Pada saat usia 6-12 tahun saya memasuki masa
sekolah dasar, dimana pembelajarannya masih menggunakan papan tulis, buku cetak
dan bahan ajar lainnya, teknologi saat itu sudah merasakan adanya facebook,
twitter, gmail, karena adanya pelajaran komputer, sehingga bisa mengenal
tenologi dan saat itu saya menggunakan perangkat komputer lainnya, seperti
disket, CPU, keyboard, mouse namun semuanya masih dalam bentuk eksternal, missal
mousenya masih menggunakan kabel, jaringan internet masih menggunakan kabel
penghubung, kemudian masih merasakan telepon rumah dan telepon umum, sebagai
sarana komunikasi.
Kemudian, pada saat menduduki masa sekolah
menengah dimana perkembangan teknologi sudah mulai maju, guru-guru sudah
menggunakan proyektor dan laptop sebagai perangkat pembelajaran, sudah terdapat
warnet (warung internet) yang bisa di akses 3000/jam. Dengan adanya warnet
siswa bisa mengeprint dan membuat makalah, serta bisa browsing untuk hal-hal
lainnya yang dapat memudahkan peserta didik dalam mengerjakan tugas pelajaran. Sudah
terdapat handphone yang bisa di isi pulsa atau paket data, kemudian tempat penyimpanan
memory card, dan flashdisk. Sudah banyak menggunakan camera handycamp dan lain
sebagainya.
Selanjutnya, pada saat menduduki masa sekolah
menengah atas, siswa sudah lebih hebat lagi dalam menggunakan teknologi, dimana
guru bukan lagi sebagai teacher center, melainkan siswa lebih banyak dan lebih
luas pengetahuannya, bisa belajar darimana saja dan kapan saja, seperti bisa
menggunakan hp untuk mengerjakan tugas, terdapat banyak aplikasi pembelajaran
yang mendukung siswa untuk belajar, namun disini siswa di uji dengan penggunaan
teknologinya, karena teknologi sudah menyeluruh dunia, siswa berteman bukan lagi
anatar sekolah ataupun wilayah, namun pertemanannya sudah menyeluruh dunia. Berita-berita
diseluruh dunia sudah banyak ter-update di dunia maya, tidak lagi
mengandalkan berita di TV, maka dari itu pastinya ada siswa yang menyalahgunakan
teknologi. Hal ini kembali lagi pada karakterisitik masing-masing setiap siswa,
dan juga pengawasan dari orang tua dan guru.
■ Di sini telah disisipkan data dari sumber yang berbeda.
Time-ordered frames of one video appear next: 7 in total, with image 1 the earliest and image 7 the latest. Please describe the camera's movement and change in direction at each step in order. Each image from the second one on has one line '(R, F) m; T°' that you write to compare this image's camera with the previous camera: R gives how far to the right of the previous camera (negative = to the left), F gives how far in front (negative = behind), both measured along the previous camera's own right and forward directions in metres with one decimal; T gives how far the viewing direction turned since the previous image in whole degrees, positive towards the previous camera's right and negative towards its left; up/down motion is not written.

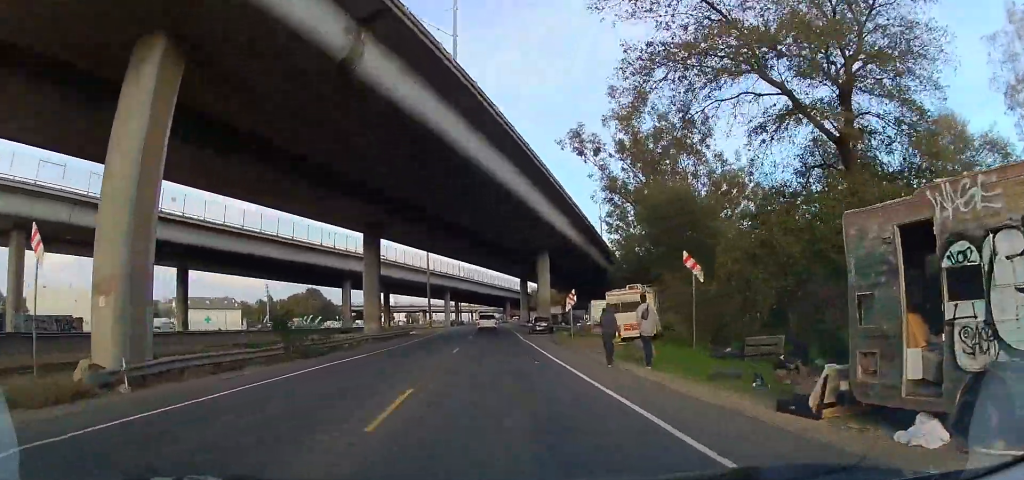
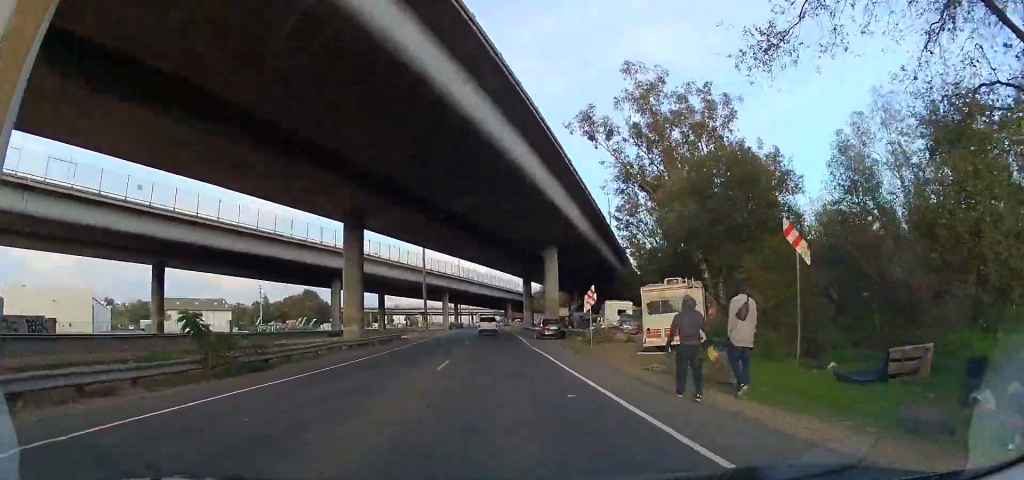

Selanjutnya di masa kuliah sampai saat ini semua serba menggunakan teknologi, bahkan tidak lepas dari teknologi, karena teknologi sangat berperan penting dalam semua aspek kehidupan, tidak hanya dalam prose pembelajara, apalagi semenjak terjadinya covid-19, semua menggunakan teknologi dari mulai bangun tidur sama tidur pasti menggunakan teknologi, pembelajarannya di kuliah seperti membuat tugas, presentasi, berdiskusi antar mahasiswa dan dosen sudah menggunakan teknologi seperti, zoom, gmeet, aplikasi pembelajaran menggunakan website, gmail kampus, canva, quiziz, virtual lab, e-book, jurnal internasional, jurnal nasional. Sehingga buku cetak tidak lagi sebagai perangkat utama atau sumber utama dalam ilmu pengetahuan. Buku cetak saat ini hanya sebagai perangkat ajar pendukung untuk pembelajaran lainnya. Jadi teknologi sangat diperlukan, dan pastinya seiring berjalannya waktu dan berkembangnya zaman, teknologi juga akan semakin berkembang.